SGLang provides a direct inference engine without the need for an HTTP server, especially for use cases where additional HTTP server adds unnecessary complexity or overhead. Here are two general use cases:

- Offline Batch Inference
- Custom Server on Top of the Engine

This document focuses on the offline batch inference, demonstrating four different inference modes:

- Non-streaming synchronous generation
- Streaming synchronous generation
- Non-streaming asynchronous generation
- Streaming asynchronous generation

Additionally, you can easily build a custom server on top of the SGLang offline engine. A detailed example working in a python script can be found in [custom_server](https://github.com/sgl-project/sglang/blob/main/examples/runtime/engine/custom_server.py).



## Nest Asyncio
Note that if you want to use **Offline Engine** in ipython or some other nested loop code, you need to add the following code:
```python
import nest_asyncio

nest_asyncio.apply()

```

## Advanced Usage

The engine supports [vlm inference](https://github.com/sgl-project/sglang/blob/main/examples/runtime/engine/offline_batch_inference_vlm.py) as well as [extracting hidden states](https://github.com/sgl-project/sglang/blob/main/examples/runtime/hidden_states). 

Please see [the examples](https://github.com/sgl-project/sglang/tree/main/examples/runtime/engine) for further use cases.

## Offline Batch Inference

SGLang offline engine supports batch inference with efficient scheduling.

In [1]:
# launch the offline engine
import asyncio

import sglang as sgl
import sglang.test.doc_patch
from sglang.utils import async_stream_and_merge, stream_and_merge

llm = sgl.Engine(model_path="qwen/qwen2.5-0.5b-instruct")

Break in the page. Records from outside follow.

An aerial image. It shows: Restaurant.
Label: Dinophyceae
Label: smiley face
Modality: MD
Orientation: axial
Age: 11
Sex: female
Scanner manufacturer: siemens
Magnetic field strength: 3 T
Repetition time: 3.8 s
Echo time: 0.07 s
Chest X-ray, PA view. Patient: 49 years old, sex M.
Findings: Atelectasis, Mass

[2026-01-29 00:46:58] INFO utils.py:148: Note: detected 112 virtual cores but NumExpr set to maximum of 64, check "NUMEXPR_MAX_THREADS" environment variable.

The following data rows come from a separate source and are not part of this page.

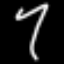
Label: squiggle
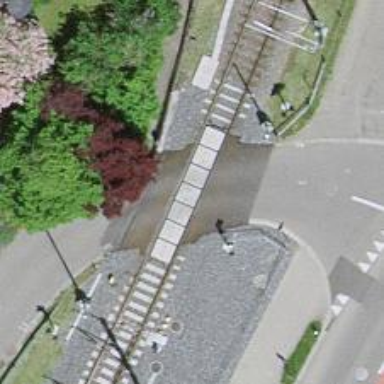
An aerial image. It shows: Full barrier level crossing along the railway.
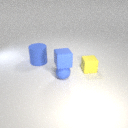
small yellow rubber cube in front of large blue rubber cylinder
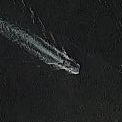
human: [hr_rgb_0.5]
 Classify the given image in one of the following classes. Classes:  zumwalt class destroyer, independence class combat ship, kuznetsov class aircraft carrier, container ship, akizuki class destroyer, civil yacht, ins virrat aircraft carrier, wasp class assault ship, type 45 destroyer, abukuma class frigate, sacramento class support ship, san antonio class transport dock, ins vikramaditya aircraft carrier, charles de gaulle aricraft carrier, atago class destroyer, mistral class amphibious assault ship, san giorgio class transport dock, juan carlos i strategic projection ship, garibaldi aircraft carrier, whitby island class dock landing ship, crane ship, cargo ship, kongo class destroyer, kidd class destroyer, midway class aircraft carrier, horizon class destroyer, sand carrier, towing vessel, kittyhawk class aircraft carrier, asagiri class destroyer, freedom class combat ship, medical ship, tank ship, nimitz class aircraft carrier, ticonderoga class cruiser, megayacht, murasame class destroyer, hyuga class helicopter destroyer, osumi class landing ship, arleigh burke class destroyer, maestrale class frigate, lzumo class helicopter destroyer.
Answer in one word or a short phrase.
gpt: Towing vessel
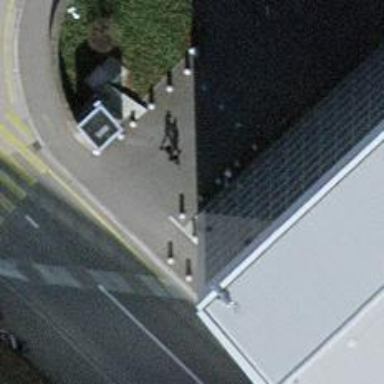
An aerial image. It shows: Bollard barrier.
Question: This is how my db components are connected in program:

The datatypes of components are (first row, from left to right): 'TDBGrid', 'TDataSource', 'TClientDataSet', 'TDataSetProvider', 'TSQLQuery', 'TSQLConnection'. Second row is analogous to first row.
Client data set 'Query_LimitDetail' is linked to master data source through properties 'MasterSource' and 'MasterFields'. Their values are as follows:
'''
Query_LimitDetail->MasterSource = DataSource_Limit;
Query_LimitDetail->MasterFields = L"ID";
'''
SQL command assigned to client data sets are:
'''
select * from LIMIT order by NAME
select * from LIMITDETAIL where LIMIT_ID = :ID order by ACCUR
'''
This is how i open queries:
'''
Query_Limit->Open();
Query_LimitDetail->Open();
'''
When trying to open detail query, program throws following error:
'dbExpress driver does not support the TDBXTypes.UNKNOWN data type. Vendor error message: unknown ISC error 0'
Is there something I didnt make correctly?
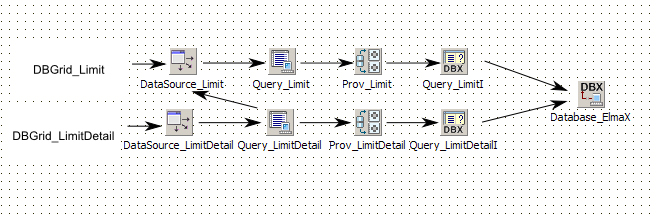
Answer: The solution is to set SQL parameter type just before opening the query:
'''
Query_Limit->Close();
Query_Limit->Open();
// ID param
TParam *param = Query_LimitDetail->Params->Items[0];
param->DataType = ftInteger;
Query_LimitDetail->Close();
Query_LimitDetail->Open();
'''
Alternative and more universal solution is to set parameter type in OnBeforeOpen event handler like this:
'''
__fastcall MyDataModule::MyDataModule(TComponent *Owner) :
TDataModule(Owner)
{
...
Query_LimitDetail->BeforeOpen = Query_LimitDetail_OnBeforeOpen;
...
}
void __fastcall MyDataModule::Query_LimitDetailBeforeOpen(TDataSet *DataSet)
{
if (Query_LimitDetail->Params->Count == 0)
{
return;
}
// ID param
TParam *param = Query_LimitDetail->Params->Items[0];
param->DataType = ftInteger;
}
'''
It is also neccessary to link column in master table (specified in 'MasterFields' property) to column in detail table:
'''
Query_LimitDetail->IndexFieldNames = L"LIMIT_ID";
'''
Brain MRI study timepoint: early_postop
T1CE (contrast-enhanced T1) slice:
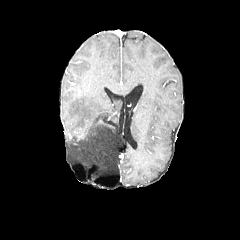
T2-FLAIR slice:
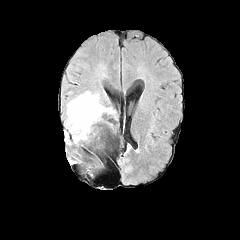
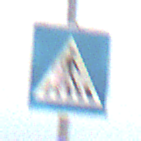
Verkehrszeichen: FussgaengerueberwegLinks
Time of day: MorningAfternoon
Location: Outdoor (Suburban)
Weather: PartlyCloudy
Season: NotSpecified
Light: Natural
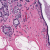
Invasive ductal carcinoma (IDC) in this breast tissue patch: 0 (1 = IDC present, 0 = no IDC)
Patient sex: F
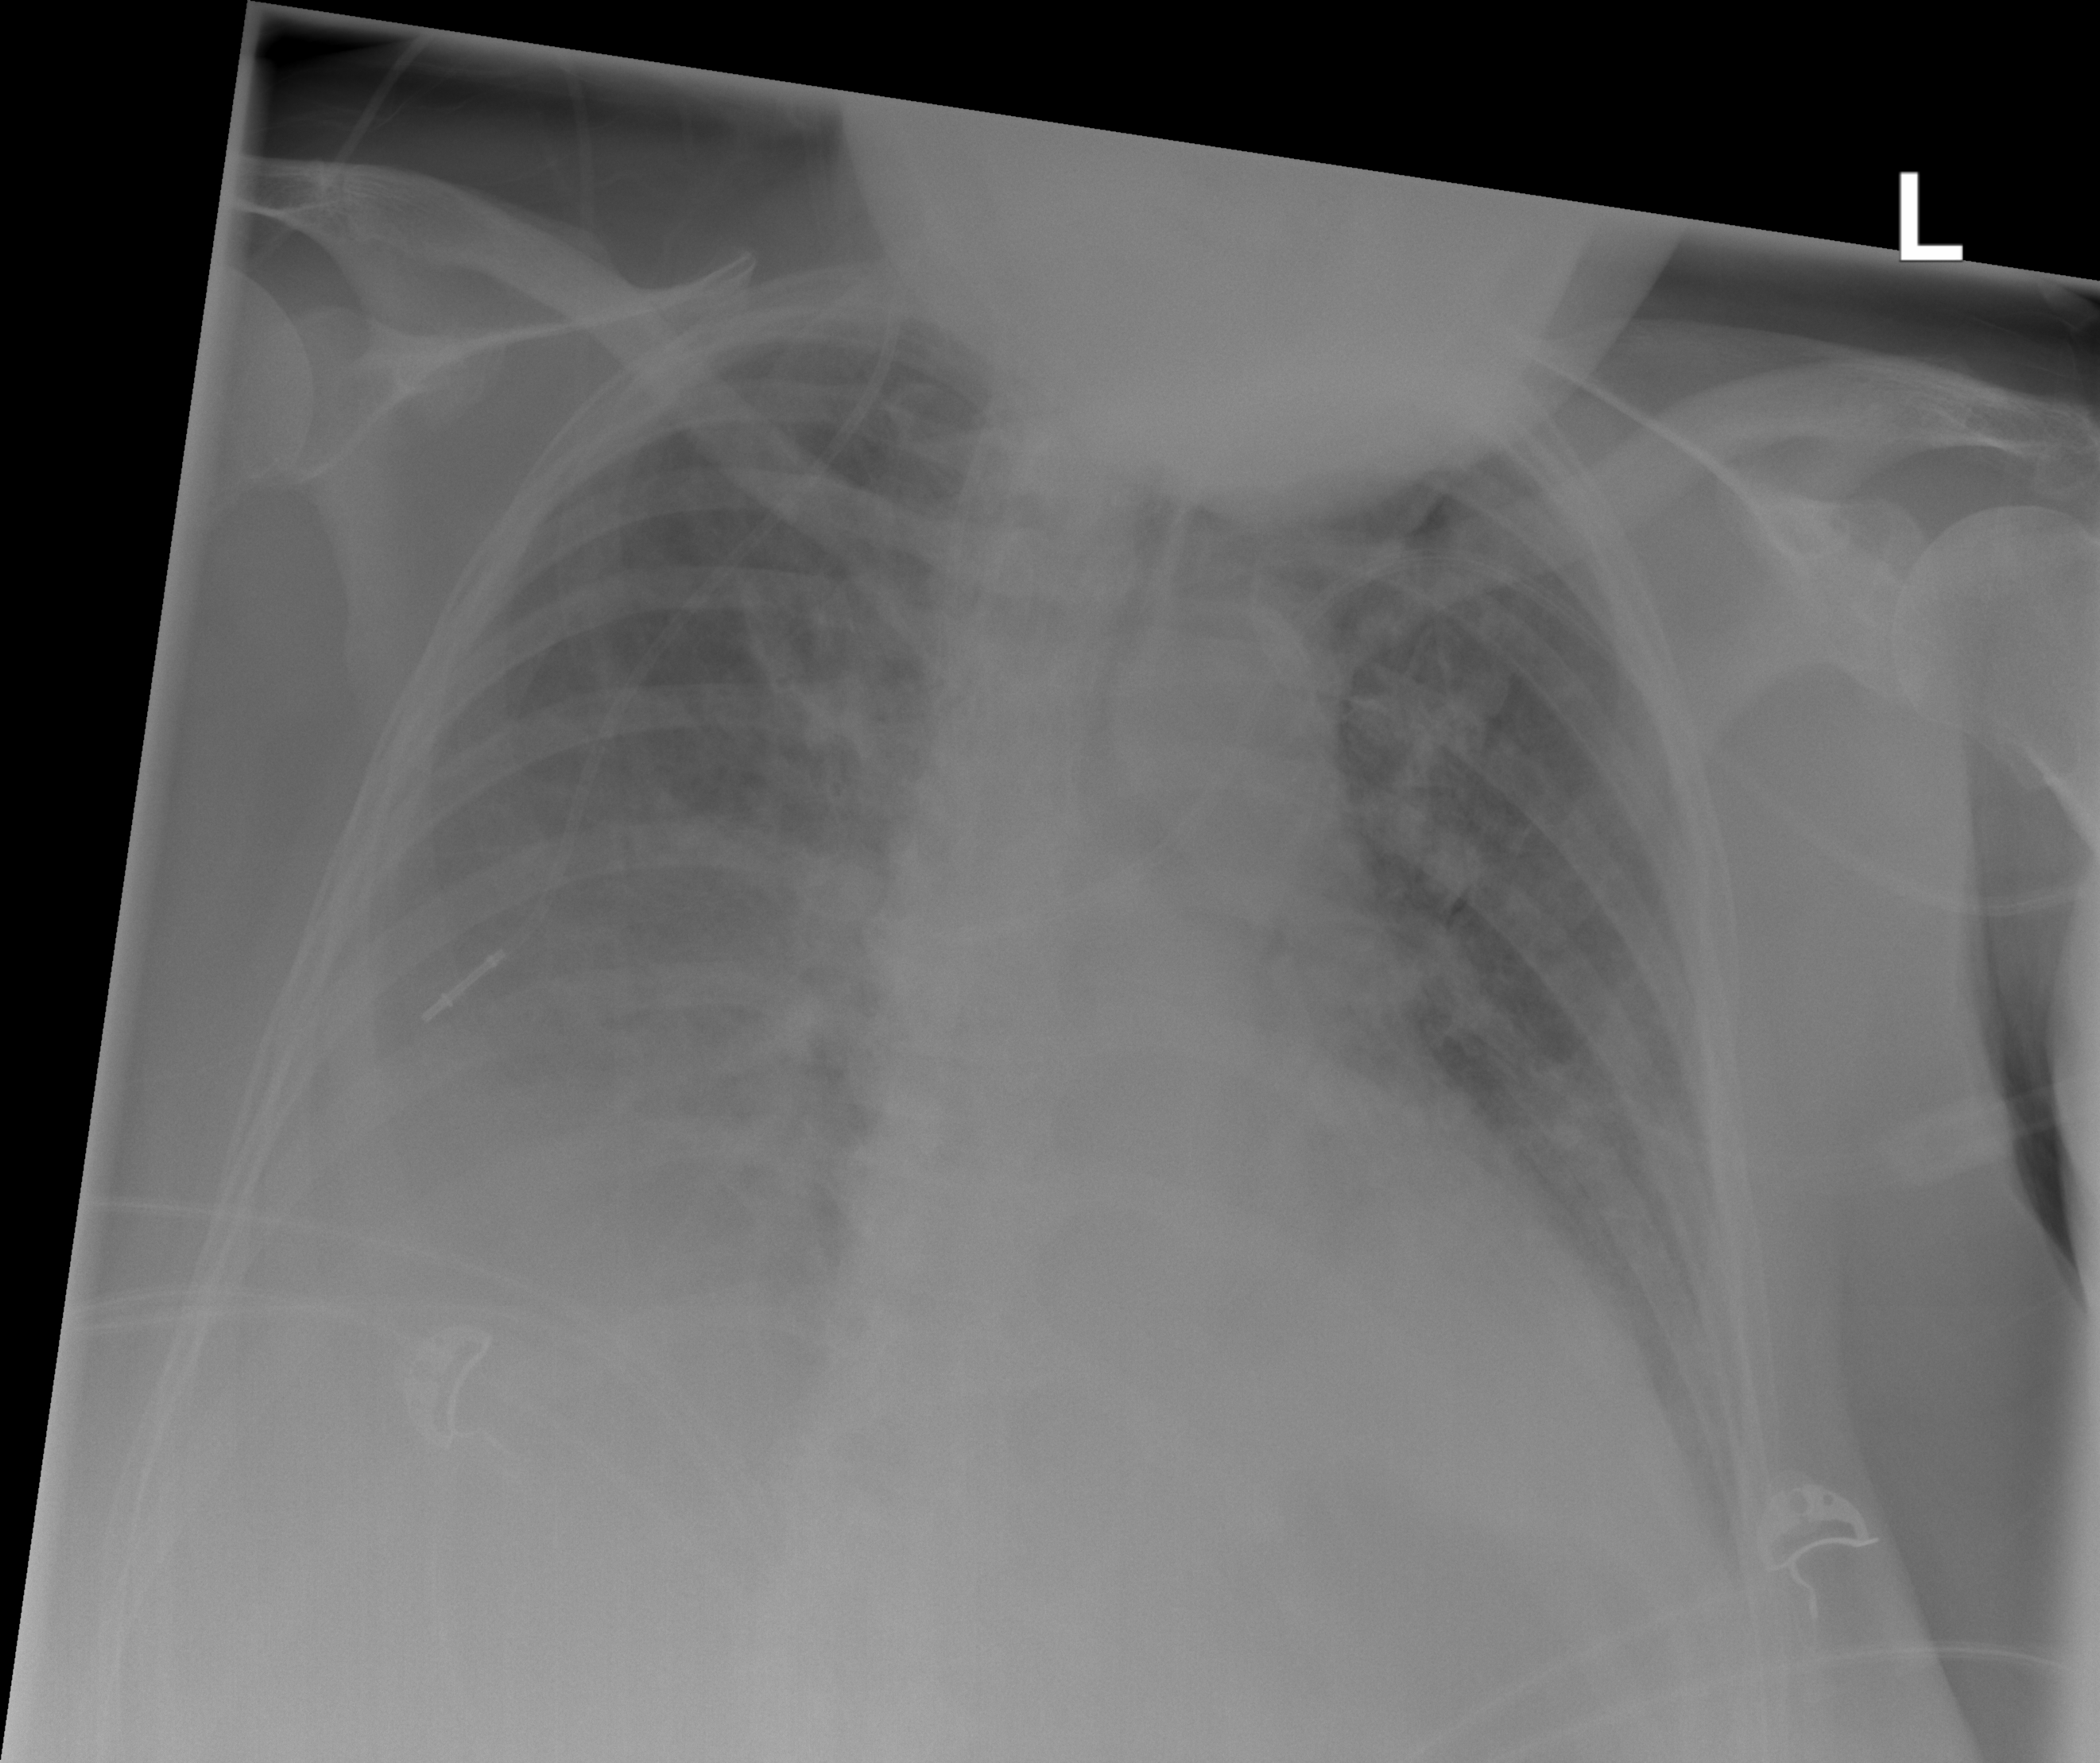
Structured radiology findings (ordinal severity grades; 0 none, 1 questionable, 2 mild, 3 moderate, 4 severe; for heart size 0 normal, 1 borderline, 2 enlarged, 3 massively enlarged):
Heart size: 2
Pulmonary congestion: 2
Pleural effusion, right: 3
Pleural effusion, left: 2
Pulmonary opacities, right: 0
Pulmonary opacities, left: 0
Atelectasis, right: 2
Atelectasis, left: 2

[2026-01-29 00:46:58] INFO utils.py:151: Note: NumExpr detected 112 cores but "NUMEXPR_MAX_THREADS" not set, so enforcing safe limit of 16.


[2026-01-29 00:46:58] INFO utils.py:164: NumExpr defaulting to 16 threads.




[2026-01-29 00:47:00] INFO server_args.py:1750: Attention backend not specified. Use fa3 backend by default.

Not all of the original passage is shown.